Market Update – February 2023

Making Sense of The Current Market Environment


Yesterday, the Federal Reserve convened for their first meeting of 2023 and decided to raise the benchmark interest rate by 0.25%.  The quarter-point hike brings the target Fed Funds rate to 4.75%, its highest level since October 2007.  Comparatively, this latest hike in interest rates represents the second consecutive deceleration in hikes from the Fed.  This additional decision to increase interest rates sends in essence a two-sided message to markets: while the Fed believes they have continued to make progress in the fight against inflation, they are not yet satisfied with their economic tightening efforts.  The Federal Reserve explicitly said this in their statement noting that inflation “has eased somewhat but remains elevated” and that their interest rate policy warranted “ongoing increases in the target range”.  In the immediate aftermath of the announcement, markets had a relatively modest reaction.  The big moves arrived during Chairman Powell’s post-hike press conference.  Equity and bond markets sharply rallied with the S&P 500 ending the day up over 1% and closing at its highest level since last August.  10-year Treasury yields fell to nearly 3.4%.

Clearly the decision from the Fed was largely anticipated by investors.  Markets had priced this interest rate hike well before the Federal Reserve’s announcement.  However, the question that remains is whether the market or the Fed has a more accurate prediction for the path of interest rates.  While Chairman Powell didn’t reach the level of hawkish rhetoric defining his statement last summer at Jackson Hole, his latest words weren’t particularly dovish.

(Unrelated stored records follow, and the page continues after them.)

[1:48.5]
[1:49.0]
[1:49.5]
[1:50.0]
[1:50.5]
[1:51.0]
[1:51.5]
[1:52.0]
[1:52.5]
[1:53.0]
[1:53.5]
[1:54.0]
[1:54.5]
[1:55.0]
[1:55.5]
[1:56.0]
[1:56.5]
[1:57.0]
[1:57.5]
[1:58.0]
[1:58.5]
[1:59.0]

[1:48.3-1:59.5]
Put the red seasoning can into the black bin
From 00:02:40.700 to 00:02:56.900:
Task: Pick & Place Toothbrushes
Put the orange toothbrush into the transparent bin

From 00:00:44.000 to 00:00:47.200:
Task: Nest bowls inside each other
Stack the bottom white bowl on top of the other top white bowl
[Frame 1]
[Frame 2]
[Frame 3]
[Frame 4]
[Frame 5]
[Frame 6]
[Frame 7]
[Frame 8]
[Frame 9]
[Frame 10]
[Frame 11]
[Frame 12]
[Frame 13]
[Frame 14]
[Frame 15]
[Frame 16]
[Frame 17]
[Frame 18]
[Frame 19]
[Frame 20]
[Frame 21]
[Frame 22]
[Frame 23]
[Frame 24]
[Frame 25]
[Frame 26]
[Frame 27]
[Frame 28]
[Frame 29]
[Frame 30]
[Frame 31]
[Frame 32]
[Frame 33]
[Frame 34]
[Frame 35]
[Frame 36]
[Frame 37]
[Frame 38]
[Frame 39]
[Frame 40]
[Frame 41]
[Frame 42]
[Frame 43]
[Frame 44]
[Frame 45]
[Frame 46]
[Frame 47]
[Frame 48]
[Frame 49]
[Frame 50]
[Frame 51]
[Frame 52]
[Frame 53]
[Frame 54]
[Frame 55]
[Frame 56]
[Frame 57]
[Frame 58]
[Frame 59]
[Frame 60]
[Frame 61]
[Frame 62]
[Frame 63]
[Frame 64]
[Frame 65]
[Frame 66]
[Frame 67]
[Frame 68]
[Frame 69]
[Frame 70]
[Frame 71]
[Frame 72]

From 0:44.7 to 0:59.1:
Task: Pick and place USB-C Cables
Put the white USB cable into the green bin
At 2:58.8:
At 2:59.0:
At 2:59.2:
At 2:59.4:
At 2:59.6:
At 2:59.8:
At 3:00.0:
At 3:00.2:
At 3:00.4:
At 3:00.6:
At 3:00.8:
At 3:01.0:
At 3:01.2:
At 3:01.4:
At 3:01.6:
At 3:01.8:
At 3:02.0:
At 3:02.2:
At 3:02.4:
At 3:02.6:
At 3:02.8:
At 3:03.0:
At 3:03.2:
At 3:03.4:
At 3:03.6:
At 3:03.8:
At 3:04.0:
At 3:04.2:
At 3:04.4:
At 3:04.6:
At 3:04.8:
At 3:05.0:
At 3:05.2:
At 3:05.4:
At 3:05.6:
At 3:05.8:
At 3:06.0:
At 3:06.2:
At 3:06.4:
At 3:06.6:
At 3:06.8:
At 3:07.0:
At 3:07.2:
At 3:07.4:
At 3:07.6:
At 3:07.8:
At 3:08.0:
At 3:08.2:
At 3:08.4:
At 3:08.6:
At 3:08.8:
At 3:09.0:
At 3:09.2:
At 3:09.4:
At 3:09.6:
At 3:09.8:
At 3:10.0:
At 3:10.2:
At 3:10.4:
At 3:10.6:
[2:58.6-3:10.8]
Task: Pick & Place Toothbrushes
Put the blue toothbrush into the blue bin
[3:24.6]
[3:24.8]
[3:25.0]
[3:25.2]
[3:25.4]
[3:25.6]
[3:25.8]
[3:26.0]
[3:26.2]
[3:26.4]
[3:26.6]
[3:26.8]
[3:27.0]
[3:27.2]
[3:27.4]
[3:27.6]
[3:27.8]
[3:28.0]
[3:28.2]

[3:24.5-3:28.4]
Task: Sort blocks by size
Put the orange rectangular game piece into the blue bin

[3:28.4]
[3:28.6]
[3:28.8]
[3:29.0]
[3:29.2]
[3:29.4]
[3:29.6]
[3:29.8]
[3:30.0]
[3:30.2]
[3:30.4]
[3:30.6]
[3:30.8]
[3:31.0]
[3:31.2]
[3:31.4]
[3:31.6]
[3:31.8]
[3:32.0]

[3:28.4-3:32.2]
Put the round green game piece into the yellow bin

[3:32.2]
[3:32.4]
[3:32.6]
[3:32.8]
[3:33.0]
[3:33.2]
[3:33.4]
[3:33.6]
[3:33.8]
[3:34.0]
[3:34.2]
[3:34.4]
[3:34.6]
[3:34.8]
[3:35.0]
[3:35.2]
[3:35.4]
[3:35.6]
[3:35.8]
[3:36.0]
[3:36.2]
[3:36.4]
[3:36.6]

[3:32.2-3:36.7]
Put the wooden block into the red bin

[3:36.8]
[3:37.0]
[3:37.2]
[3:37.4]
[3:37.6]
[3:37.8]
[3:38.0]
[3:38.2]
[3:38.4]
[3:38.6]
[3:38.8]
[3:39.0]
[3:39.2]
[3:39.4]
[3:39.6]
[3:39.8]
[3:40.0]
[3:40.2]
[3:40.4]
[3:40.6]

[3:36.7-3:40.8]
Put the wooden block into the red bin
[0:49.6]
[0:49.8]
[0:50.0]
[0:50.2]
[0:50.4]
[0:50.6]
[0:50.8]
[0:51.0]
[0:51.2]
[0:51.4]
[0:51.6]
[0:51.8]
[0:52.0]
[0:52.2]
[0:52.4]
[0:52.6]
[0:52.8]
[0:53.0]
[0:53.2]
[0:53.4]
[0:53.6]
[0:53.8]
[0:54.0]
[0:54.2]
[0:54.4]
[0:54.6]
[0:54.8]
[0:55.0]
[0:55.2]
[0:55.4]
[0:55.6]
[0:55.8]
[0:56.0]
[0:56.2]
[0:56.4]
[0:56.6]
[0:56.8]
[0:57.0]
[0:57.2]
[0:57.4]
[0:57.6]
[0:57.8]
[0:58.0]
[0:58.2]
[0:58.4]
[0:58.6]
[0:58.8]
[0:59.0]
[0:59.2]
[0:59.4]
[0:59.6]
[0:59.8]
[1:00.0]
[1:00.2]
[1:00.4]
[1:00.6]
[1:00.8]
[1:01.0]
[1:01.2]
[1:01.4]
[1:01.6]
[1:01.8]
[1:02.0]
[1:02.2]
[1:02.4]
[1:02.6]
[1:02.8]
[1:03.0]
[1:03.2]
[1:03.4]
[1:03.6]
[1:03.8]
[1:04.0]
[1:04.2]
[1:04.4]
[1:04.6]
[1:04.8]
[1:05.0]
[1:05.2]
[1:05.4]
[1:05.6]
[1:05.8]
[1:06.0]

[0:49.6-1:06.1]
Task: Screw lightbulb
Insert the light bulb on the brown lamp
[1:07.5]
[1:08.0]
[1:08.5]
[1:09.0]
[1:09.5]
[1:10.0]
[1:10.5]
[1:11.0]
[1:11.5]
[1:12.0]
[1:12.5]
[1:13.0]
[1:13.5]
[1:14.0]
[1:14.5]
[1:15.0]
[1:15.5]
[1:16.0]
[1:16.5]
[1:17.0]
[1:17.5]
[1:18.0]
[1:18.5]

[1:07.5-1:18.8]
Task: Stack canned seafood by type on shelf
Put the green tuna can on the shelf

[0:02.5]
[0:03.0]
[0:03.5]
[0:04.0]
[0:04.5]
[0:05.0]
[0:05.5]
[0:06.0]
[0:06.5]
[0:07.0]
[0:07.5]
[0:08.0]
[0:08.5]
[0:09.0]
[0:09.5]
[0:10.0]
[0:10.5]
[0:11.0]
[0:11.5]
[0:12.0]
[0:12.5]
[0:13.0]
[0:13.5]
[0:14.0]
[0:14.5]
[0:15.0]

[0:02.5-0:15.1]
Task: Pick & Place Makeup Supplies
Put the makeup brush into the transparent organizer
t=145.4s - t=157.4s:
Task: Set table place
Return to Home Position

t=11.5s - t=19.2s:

The market for interest rate futures implies the level of interest rates topping off at 4.9% before ending the year near 4.5% (implying a half point cut), the Federal Reserve’s median “dot plot” forecast has interest rates rising and staying at a rate just over 5% to end 2023.  Regardless, since a steep selloff in mid-December the market has had an encouraging rally that has carried over through the first month of this year.



The story for the market early into the year has seen the old market adage of “last year’s losers are this year’s winners” be true so far.  There’s no guarantee that any trend will continue, but the high growth/technology heavy NASDAQ has led the start of 2023 with a near 13% return after having fallen over -30% in 2022.  In contrast, the Dow Jones, a more value leaning index, while positive (up 2.95%) has been the weakest of the above indices after having been the strongest performer in 2022 losing close to -7%.  The broader large cap equity market, represented by the S&P 500, is up over 7%.  Emerging market stocks and domestic small cap stocks, which underperformed the S&P 500 last year, have outperformed to start 2023.  The only continuing trend so far has been the outperformance of international developed stocks relative to their domestic counterparts, as the MSCI All Country World Index ex US has returned 8.84% year-to-date.  Bonds, which were crushed last year, have also seen strong positive returns to start the year at 3.78%.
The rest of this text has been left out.